The code, strategy, and timings above are the deliverable of this case study.
NoteSynthetic data limitation

The fplida synthetic data does not model job switching — each person keeps the same employer throughout. So the switch count is 0. The pipeline design, memory management, and timings are real; the results would be meaningful on actual PLIDA data where people do change jobs.

What it cost

Step Approach Time
Register views over parquet CREATE VIEW … read_parquet() instant
Derive employer switches (STP) Chunked lag(), 10 person-hash buckets ~45s
Collapse MBS to person-months mutate(floor_date) + summarise() ~20s
Flag health shocks window_frame(-3, -1) + mean() ~10s
Cross-spine join: switches x shocks Two inner_join()s via crosswalk <1s

Total: about 75 seconds. None of the steps exceeded 20 GB of RAM. The same pipeline against materialised DuckDB tables takes ~235 seconds (the 170-second load dominates). Views over parquet are the right default when you’re running the pipeline once; materialise only if you’ll re-query the same table many times.

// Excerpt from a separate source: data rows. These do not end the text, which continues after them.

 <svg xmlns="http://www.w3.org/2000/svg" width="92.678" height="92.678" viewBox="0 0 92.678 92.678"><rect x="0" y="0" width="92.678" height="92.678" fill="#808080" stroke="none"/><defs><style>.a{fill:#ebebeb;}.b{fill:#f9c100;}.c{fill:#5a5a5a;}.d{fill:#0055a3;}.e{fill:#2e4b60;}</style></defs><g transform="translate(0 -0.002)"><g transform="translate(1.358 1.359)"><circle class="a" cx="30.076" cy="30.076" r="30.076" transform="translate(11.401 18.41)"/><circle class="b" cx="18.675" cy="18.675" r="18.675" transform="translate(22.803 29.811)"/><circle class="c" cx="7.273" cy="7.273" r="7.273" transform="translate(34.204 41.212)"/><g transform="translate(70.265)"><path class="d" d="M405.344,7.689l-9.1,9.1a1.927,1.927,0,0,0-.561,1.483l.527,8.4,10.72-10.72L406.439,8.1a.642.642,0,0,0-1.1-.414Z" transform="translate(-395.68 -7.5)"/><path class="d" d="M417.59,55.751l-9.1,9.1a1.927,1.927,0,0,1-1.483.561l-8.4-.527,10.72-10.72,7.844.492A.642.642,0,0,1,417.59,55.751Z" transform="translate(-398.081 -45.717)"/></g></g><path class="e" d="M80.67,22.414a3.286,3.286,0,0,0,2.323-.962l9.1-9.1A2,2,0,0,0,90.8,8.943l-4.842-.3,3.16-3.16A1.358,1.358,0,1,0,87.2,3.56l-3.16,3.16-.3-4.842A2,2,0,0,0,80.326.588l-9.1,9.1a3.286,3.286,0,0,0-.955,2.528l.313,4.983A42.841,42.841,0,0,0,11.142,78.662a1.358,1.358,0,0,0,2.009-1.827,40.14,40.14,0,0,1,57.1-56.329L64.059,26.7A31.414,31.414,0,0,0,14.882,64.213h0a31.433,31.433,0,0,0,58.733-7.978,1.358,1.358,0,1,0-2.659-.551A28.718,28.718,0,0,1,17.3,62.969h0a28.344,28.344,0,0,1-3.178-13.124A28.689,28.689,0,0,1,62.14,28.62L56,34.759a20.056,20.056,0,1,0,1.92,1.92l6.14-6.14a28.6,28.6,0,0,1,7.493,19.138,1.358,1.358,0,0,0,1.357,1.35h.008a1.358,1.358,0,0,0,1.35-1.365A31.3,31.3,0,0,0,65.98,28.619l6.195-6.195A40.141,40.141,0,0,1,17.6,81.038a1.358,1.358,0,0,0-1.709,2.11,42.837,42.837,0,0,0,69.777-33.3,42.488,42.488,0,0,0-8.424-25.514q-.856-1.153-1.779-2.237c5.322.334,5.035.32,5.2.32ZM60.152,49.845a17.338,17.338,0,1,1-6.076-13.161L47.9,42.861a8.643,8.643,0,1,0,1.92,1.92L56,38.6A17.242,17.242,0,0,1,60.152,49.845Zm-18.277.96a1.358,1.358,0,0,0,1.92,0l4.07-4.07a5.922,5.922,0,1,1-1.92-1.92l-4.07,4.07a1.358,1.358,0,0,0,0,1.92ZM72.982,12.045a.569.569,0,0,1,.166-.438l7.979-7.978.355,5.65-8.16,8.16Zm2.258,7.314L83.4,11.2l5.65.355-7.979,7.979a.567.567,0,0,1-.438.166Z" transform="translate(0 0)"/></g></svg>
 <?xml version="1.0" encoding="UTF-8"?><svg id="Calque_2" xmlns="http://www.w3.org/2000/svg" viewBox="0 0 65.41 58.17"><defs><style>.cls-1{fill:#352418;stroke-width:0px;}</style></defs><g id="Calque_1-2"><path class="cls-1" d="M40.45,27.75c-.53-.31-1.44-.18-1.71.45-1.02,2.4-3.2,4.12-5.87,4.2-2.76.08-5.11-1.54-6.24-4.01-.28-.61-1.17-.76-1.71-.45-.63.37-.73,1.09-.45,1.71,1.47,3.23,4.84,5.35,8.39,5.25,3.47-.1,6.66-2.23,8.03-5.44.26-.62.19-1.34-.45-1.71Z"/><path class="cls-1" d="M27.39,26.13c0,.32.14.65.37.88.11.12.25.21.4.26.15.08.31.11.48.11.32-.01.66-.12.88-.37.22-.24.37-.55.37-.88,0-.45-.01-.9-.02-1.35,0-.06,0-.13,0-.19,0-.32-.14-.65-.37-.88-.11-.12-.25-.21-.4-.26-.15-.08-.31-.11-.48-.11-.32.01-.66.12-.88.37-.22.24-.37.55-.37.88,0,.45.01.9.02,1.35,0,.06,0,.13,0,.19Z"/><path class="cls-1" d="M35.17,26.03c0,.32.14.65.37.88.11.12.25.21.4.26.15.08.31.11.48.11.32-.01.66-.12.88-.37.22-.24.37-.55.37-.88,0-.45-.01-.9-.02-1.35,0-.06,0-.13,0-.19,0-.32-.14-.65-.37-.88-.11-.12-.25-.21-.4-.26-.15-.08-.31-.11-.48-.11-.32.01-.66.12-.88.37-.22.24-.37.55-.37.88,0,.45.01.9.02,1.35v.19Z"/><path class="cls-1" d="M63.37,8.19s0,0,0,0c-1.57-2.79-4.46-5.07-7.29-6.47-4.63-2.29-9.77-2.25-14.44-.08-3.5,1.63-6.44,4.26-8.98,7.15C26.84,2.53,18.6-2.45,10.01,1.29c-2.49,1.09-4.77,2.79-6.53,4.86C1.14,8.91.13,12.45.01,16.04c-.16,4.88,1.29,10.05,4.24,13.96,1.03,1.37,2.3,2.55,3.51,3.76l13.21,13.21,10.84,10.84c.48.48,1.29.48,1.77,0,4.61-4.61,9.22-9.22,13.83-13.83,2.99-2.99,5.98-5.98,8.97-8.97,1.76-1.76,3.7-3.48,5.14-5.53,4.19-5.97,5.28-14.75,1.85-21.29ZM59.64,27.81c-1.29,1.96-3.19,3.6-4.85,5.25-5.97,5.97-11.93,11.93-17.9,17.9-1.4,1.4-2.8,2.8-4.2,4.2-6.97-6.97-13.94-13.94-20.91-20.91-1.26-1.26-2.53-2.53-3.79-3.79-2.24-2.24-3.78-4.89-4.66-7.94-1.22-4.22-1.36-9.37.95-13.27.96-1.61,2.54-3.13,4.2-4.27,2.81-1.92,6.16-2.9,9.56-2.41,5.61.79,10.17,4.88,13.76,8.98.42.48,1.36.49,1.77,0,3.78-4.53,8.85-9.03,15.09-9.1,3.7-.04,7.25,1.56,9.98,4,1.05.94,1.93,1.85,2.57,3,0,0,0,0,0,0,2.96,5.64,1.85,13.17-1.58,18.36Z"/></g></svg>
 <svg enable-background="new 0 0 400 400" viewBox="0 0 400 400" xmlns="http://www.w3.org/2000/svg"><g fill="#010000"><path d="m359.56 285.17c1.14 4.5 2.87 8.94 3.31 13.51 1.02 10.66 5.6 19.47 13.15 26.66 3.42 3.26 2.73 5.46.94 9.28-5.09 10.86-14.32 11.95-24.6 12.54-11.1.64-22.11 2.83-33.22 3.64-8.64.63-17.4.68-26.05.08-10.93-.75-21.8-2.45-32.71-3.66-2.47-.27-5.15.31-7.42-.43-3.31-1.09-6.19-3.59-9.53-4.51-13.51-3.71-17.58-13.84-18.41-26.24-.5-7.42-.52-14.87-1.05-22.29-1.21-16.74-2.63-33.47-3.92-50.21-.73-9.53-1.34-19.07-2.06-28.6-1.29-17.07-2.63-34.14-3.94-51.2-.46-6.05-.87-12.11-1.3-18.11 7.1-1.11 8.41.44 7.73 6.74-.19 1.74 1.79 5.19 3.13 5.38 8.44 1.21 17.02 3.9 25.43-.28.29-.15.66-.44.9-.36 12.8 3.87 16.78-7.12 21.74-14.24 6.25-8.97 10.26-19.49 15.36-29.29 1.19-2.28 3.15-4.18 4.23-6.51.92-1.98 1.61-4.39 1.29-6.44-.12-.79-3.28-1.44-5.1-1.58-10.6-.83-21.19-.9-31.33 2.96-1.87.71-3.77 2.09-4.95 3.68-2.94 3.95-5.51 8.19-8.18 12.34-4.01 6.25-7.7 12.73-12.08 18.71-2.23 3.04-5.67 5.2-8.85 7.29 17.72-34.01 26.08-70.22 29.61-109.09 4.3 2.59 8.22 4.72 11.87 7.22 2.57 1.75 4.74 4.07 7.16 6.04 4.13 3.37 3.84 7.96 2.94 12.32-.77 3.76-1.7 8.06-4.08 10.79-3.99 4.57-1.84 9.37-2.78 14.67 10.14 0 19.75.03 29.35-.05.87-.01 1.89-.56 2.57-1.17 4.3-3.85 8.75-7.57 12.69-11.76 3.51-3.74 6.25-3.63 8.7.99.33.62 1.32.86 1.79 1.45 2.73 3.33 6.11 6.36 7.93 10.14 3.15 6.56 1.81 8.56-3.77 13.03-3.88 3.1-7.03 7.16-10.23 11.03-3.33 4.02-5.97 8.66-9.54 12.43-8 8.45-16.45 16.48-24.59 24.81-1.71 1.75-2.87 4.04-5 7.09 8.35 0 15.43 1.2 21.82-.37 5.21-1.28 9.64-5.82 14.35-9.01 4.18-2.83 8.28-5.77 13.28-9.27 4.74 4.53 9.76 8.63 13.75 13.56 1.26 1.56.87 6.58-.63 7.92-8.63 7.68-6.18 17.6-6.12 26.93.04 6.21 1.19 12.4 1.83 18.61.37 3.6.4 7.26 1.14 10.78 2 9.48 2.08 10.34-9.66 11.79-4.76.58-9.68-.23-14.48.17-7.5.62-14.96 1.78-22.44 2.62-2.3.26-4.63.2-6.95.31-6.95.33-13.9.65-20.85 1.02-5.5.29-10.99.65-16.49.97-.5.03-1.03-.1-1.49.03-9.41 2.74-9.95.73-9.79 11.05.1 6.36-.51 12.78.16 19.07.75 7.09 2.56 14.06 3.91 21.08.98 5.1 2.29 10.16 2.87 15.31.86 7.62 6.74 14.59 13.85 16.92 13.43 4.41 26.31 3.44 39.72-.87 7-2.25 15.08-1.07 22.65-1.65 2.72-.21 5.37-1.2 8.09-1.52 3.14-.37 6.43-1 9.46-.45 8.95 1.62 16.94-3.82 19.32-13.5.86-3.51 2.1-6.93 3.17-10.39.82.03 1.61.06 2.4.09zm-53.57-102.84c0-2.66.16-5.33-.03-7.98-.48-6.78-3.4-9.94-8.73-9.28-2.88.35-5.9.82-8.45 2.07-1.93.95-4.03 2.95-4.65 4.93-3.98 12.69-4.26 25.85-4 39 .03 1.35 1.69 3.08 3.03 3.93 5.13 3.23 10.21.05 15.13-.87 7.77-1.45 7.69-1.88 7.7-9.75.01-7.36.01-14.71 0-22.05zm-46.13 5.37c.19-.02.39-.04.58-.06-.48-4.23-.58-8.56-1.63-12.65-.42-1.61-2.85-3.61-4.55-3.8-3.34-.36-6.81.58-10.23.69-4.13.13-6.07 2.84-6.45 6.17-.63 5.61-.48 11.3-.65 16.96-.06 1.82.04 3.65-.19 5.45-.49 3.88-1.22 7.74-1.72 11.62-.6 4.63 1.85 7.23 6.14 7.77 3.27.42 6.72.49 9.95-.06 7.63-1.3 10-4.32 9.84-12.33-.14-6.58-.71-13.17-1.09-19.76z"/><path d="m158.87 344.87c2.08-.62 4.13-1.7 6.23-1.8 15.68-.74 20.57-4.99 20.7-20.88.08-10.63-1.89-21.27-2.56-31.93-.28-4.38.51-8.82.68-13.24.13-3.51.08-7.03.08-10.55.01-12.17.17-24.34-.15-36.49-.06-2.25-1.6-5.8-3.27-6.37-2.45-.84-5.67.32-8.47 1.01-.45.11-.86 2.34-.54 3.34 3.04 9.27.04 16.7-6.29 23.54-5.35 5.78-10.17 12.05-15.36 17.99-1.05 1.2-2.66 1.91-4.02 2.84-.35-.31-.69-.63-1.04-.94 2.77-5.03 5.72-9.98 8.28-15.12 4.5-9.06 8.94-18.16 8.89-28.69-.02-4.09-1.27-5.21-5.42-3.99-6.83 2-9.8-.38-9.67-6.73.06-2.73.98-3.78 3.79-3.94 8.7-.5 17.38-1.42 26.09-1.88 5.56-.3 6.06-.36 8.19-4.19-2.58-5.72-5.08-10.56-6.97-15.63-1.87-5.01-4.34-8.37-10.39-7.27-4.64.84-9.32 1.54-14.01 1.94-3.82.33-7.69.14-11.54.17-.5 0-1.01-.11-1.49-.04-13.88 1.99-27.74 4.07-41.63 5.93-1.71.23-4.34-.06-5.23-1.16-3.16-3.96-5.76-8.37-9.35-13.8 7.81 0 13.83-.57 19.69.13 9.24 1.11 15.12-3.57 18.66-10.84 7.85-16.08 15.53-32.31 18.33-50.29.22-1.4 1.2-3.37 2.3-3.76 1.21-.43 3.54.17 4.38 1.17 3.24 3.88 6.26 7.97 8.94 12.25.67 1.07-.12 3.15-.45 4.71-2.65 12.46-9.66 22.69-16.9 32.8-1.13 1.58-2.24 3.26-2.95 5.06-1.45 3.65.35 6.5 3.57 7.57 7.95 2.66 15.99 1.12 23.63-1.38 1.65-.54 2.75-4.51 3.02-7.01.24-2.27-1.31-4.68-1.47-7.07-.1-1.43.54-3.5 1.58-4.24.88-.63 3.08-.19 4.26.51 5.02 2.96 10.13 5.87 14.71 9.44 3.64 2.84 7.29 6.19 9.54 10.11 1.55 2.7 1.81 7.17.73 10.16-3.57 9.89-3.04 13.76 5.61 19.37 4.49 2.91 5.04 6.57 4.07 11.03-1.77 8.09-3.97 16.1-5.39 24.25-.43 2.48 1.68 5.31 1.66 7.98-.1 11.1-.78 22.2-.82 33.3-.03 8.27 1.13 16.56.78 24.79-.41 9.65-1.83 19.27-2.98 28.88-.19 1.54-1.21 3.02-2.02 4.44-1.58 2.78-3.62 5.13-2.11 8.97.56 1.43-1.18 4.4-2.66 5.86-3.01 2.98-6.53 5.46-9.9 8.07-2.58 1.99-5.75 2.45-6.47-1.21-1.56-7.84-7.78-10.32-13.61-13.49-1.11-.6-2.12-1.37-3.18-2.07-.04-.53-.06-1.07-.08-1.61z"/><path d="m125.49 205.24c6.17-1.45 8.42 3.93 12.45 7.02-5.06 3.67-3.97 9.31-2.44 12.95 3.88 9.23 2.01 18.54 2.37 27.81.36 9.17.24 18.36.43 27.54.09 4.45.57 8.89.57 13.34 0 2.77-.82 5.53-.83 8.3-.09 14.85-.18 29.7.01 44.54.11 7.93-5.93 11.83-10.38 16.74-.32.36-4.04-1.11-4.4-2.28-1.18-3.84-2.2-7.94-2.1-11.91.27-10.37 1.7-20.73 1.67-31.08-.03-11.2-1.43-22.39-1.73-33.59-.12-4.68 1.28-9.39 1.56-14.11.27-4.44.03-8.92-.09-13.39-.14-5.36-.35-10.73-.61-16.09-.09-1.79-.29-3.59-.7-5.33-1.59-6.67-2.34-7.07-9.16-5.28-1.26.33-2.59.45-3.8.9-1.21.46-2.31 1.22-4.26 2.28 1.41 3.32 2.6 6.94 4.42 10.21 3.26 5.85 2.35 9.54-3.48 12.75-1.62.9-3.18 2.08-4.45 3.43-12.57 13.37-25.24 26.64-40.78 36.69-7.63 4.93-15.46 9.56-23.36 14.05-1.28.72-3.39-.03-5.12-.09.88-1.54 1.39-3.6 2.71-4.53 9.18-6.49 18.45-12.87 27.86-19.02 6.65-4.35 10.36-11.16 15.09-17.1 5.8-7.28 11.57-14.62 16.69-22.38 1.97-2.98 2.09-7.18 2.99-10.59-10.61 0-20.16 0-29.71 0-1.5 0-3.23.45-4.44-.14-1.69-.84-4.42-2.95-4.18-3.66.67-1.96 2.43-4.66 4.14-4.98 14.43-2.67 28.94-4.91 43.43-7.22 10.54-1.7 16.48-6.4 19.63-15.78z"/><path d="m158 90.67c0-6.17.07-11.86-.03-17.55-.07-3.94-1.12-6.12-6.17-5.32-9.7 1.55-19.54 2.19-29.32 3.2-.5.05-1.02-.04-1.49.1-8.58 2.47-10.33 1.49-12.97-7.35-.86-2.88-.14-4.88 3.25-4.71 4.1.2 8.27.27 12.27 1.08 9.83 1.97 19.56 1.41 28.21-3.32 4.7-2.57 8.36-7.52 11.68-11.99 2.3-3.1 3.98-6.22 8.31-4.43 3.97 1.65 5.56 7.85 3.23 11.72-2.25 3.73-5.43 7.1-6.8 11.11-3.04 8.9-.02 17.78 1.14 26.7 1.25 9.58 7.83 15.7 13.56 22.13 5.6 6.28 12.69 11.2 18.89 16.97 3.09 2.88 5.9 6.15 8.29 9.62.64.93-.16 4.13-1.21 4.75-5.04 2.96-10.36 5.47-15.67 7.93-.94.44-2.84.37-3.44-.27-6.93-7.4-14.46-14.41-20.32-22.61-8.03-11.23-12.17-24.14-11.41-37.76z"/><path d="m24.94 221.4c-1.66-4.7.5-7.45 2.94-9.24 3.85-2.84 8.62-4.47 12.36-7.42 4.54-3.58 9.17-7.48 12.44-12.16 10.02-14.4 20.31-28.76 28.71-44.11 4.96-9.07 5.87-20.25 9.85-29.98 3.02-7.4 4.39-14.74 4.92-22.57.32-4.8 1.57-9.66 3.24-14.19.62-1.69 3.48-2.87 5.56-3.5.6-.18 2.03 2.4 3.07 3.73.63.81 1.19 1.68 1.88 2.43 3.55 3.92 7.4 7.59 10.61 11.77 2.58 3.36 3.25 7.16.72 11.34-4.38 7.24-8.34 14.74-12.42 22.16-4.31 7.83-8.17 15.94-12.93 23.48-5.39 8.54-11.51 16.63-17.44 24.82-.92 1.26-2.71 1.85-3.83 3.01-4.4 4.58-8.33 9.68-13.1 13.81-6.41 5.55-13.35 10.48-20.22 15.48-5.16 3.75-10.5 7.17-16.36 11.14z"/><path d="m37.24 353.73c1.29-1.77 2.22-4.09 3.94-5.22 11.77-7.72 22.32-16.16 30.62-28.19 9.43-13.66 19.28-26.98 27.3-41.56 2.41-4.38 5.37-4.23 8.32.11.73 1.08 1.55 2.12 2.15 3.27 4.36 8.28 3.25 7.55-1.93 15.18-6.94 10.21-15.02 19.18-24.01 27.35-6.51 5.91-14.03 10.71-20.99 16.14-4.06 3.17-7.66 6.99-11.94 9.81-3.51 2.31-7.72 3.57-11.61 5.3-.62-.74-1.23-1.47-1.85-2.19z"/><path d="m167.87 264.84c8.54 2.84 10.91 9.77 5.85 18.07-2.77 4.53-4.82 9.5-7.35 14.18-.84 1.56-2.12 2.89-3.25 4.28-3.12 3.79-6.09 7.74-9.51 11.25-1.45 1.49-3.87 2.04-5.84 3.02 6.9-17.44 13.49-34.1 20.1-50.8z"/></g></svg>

Why we chose this approach

We tried four approaches before settling on views + chunked lag(). All of them — and the reason each failed or succeeded — are documented in the window-function benchmarks:

  • lag() on 700M rows: out of memory (sort needs too much space)
  • Self-join on 700M rows: out of memory (lookup structure too big)
  • lag() on 70M rows (one bucket): 2.3 seconds, success
  • Self-join on 70M rows: 2.0 seconds, success
  • Chunked self-join, 10 buckets: 20 seconds, success
  • Chunked lag() over parquet views, 10 buckets: 45 seconds, success
  • Views + chunked lag() via dbplyr: 75 seconds end-to-end, best total time

Why this is all tidyverse

Every analytical step above — the chunked lag(), the group-by to person-months, the trailing mean, the cross-spine double join, the date filter — is ordinary dplyr. dbplyr turns it into SQL behind the scenes. If you are ever curious what SQL it generated, call show_query() on the lazy table.

The only SQL on this page is register_view() — one line per source table, because there is no tidyverse equivalent of “tell DuckDB that this parquet folder is now a table called X”. Everything after that is dplyr.